Source records section start

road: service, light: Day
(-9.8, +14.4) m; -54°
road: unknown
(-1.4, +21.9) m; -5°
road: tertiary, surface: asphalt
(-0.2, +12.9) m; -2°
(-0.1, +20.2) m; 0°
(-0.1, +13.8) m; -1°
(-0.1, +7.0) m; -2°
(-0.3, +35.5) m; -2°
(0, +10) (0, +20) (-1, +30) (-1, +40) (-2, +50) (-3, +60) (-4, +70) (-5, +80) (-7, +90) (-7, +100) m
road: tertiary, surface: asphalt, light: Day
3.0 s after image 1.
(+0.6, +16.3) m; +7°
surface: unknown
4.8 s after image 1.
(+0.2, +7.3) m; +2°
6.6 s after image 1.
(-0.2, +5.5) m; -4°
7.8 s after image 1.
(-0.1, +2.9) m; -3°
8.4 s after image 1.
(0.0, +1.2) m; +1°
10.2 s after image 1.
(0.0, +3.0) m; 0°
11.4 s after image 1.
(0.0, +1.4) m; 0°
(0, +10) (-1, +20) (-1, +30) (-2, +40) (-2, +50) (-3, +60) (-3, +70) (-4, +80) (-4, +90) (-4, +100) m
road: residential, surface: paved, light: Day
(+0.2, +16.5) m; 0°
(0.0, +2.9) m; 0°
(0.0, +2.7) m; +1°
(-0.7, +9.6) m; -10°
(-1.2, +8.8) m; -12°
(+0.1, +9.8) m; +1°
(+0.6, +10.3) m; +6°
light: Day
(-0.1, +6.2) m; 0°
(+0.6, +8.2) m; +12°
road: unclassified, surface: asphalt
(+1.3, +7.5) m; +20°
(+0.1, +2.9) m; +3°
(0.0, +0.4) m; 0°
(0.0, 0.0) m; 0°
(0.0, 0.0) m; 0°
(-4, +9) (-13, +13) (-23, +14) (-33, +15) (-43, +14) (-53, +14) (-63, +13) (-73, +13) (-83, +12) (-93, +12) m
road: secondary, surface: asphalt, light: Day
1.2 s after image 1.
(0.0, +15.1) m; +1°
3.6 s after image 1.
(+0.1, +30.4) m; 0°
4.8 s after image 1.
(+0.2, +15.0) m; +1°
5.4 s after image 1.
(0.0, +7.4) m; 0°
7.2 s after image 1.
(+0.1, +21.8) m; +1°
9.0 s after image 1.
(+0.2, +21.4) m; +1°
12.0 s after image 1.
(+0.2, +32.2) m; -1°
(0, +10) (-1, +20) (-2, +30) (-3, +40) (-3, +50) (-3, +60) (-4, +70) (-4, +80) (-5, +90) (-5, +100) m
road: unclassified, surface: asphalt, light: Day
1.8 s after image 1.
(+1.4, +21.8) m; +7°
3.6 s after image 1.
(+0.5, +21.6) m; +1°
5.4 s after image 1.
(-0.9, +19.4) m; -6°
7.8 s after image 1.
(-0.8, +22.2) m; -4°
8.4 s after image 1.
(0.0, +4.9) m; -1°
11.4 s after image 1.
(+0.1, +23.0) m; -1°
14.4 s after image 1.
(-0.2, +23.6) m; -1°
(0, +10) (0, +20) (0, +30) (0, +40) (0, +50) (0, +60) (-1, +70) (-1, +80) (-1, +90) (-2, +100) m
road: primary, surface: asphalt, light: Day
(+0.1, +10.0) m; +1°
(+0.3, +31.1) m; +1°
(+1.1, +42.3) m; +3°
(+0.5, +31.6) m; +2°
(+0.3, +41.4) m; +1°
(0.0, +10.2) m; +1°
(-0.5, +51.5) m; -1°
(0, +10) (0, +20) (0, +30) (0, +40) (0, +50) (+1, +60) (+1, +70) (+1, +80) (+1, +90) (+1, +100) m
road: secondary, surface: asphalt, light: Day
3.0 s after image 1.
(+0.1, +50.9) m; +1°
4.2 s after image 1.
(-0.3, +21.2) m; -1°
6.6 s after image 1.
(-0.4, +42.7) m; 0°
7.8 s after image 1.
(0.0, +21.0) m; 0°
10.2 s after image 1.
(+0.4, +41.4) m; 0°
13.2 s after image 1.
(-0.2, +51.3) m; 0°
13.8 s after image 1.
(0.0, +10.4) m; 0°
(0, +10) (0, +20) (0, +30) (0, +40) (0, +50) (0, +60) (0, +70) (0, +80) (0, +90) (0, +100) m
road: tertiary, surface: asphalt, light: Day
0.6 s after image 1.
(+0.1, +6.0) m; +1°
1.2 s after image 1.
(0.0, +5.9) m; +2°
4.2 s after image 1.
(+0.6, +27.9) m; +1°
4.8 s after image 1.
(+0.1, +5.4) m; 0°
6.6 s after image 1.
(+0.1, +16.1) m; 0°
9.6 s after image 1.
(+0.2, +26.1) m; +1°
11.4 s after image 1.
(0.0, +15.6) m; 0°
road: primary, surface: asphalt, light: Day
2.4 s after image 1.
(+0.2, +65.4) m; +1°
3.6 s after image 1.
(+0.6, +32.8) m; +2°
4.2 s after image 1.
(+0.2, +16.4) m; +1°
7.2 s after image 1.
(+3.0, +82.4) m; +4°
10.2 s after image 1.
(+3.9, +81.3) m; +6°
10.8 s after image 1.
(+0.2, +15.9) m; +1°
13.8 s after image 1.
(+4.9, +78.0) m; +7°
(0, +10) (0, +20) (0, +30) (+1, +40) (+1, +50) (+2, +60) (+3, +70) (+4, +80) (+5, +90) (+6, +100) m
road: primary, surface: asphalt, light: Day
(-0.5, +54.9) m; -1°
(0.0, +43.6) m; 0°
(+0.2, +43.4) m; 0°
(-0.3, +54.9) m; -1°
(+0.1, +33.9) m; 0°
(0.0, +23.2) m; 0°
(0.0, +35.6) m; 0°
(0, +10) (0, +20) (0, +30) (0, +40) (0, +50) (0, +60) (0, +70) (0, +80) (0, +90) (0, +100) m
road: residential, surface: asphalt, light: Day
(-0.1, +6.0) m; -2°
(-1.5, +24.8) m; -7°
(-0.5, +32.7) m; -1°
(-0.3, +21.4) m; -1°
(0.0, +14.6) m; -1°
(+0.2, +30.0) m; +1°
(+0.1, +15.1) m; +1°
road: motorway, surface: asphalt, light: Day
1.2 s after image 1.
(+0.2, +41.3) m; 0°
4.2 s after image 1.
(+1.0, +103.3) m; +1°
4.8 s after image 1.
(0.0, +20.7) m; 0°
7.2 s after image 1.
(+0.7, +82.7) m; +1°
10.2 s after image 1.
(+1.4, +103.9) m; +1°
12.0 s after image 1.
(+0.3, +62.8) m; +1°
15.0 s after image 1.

Source records section end

* [Your assignment]: Every entry is to be returned exactly, with nothing dropped.

* [Output]:
road: service, light: Day
(-9.8, +14.4) m; -54°
road: unknown
(-1.4, +21.9) m; -5°
road: tertiary, surface: asphalt
(-0.2, +12.9) m; -2°
(-0.1, +20.2) m; 0°
(-0.1, +13.8) m; -1°
(-0.1, +7.0) m; -2°
(-0.3, +35.5) m; -2°
(0, +10) (0, +20) (-1, +30) (-1, +40) (-2, +50) (-3, +60) (-4, +70) (-5, +80) (-7, +90) (-7, +100) m
road: tertiary, surface: asphalt, light: Day
3.0 s after image 1.
(+0.6, +16.3) m; +7°
surface: unknown
4.8 s after image 1.
(+0.2, +7.3) m; +2°
6.6 s after image 1.
(-0.2, +5.5) m; -4°
7.8 s after image 1.
(-0.1, +2.9) m; -3°
8.4 s after image 1.
(0.0, +1.2) m; +1°
10.2 s after image 1.
(0.0, +3.0) m; 0°
11.4 s after image 1.
(0.0, +1.4) m; 0°
(0, +10) (-1, +20) (-1, +30) (-2, +40) (-2, +50) (-3, +60) (-3, +70) (-4, +80) (-4, +90) (-4, +100) m
road: residential, surface: paved, light: Day
(+0.2, +16.5) m; 0°
(0.0, +2.9) m; 0°
(0.0, +2.7) m; +1°
(-0.7, +9.6) m; -10°
(-1.2, +8.8) m; -12°
(+0.1, +9.8) m; +1°
(+0.6, +10.3) m; +6°
light: Day
(-0.1, +6.2) m; 0°
(+0.6, +8.2) m; +12°
road: unclassified, surface: asphalt
(+1.3, +7.5) m; +20°
(+0.1, +2.9) m; +3°
(0.0, +0.4) m; 0°
(0.0, 0.0) m; 0°
(0.0, 0.0) m; 0°
(-4, +9) (-13, +13) (-23, +14) (-33, +15) (-43, +14) (-53, +14) (-63, +13) (-73, +13) (-83, +12) (-93, +12) m
road: secondary, surface: asphalt, light: Day
1.2 s after image 1.
(0.0, +15.1) m; +1°
3.6 s after image 1.
(+0.1, +30.4) m; 0°
4.8 s after image 1.
(+0.2, +15.0) m; +1°
5.4 s after image 1.
(0.0, +7.4) m; 0°
7.2 s after image 1.
(+0.1, +21.8) m; +1°
9.0 s after image 1.
(+0.2, +21.4) m; +1°
12.0 s after image 1.
(+0.2, +32.2) m; -1°
(0, +10) (-1, +20) (-2, +30) (-3, +40) (-3, +50) (-3, +60) (-4, +70) (-4, +80) (-5, +90) (-5, +100) m
road: unclassified, surface: asphalt, light: Day
1.8 s after image 1.
(+1.4, +21.8) m; +7°
3.6 s after image 1.
(+0.5, +21.6) m; +1°
5.4 s after image 1.
(-0.9, +19.4) m; -6°
7.8 s after image 1.
(-0.8, +22.2) m; -4°
8.4 s after image 1.
(0.0, +4.9) m; -1°
11.4 s after image 1.
(+0.1, +23.0) m; -1°
14.4 s after image 1.
(-0.2, +23.6) m; -1°
(0, +10) (0, +20) (0, +30) (0, +40) (0, +50) (0, +60) (-1, +70) (-1, +80) (-1, +90) (-2, +100) m
road: primary, surface: asphalt, light: Day
(+0.1, +10.0) m; +1°
(+0.3, +31.1) m; +1°
(+1.1, +42.3) m; +3°
(+0.5, +31.6) m; +2°
(+0.3, +41.4) m; +1°
(0.0, +10.2) m; +1°
(-0.5, +51.5) m; -1°
(0, +10) (0, +20) (0, +30) (0, +40) (0, +50) (+1, +60) (+1, +70) (+1, +80) (+1, +90) (+1, +100) m
road: secondary, surface: asphalt, light: Day
3.0 s after image 1.
(+0.1, +50.9) m; +1°
4.2 s after image 1.
(-0.3, +21.2) m; -1°
6.6 s after image 1.
(-0.4, +42.7) m; 0°
7.8 s after image 1.
(0.0, +21.0) m; 0°
10.2 s after image 1.
(+0.4, +41.4) m; 0°
13.2 s after image 1.
(-0.2, +51.3) m; 0°
13.8 s after image 1.
(0.0, +10.4) m; 0°
(0, +10) (0, +20) (0, +30) (0, +40) (0, +50) (0, +60) (0, +70) (0, +80) (0, +90) (0, +100) m
road: tertiary, surface: asphalt, light: Day
0.6 s after image 1.
(+0.1, +6.0) m; +1°
1.2 s after image 1.
(0.0, +5.9) m; +2°
4.2 s after image 1.
(+0.6, +27.9) m; +1°
4.8 s after image 1.
(+0.1, +5.4) m; 0°
6.6 s after image 1.
(+0.1, +16.1) m; 0°
9.6 s after image 1.
(+0.2, +26.1) m; +1°
11.4 s after image 1.
(0.0, +15.6) m; 0°
road: primary, surface: asphalt, light: Day
2.4 s after image 1.
(+0.2, +65.4) m; +1°
3.6 s after image 1.
(+0.6, +32.8) m; +2°
4.2 s after image 1.
(+0.2, +16.4) m; +1°
7.2 s after image 1.
(+3.0, +82.4) m; +4°
10.2 s after image 1.
(+3.9, +81.3) m; +6°
10.8 s after image 1.
(+0.2, +15.9) m; +1°
13.8 s after image 1.
(+4.9, +78.0) m; +7°
(0, +10) (0, +20) (0, +30) (+1, +40) (+1, +50) (+2, +60) (+3, +70) (+4, +80) (+5, +90) (+6, +100) m
road: primary, surface: asphalt, light: Day
(-0.5, +54.9) m; -1°
(0.0, +43.6) m; 0°
(+0.2, +43.4) m; 0°
(-0.3, +54.9) m; -1°
(+0.1, +33.9) m; 0°
(0.0, +23.2) m; 0°
(0.0, +35.6) m; 0°
(0, +10) (0, +20) (0, +30) (0, +40) (0, +50) (0, +60) (0, +70) (0, +80) (0, +90) (0, +100) m
road: residential, surface: asphalt, light: Day
(-0.1, +6.0) m; -2°
(-1.5, +24.8) m; -7°
(-0.5, +32.7) m; -1°
(-0.3, +21.4) m; -1°
(0.0, +14.6) m; -1°
(+0.2, +30.0) m; +1°
(+0.1, +15.1) m; +1°
road: motorway, surface: asphalt, light: Day
1.2 s after image 1.
(+0.2, +41.3) m; 0°
4.2 s after image 1.
(+1.0, +103.3) m; +1°
4.8 s after image 1.
(0.0, +20.7) m; 0°
7.2 s after image 1.
(+0.7, +82.7) m; +1°
10.2 s after image 1.
(+1.4, +103.9) m; +1°
12.0 s after image 1.
(+0.3, +62.8) m; +1°
15.0 s after image 1.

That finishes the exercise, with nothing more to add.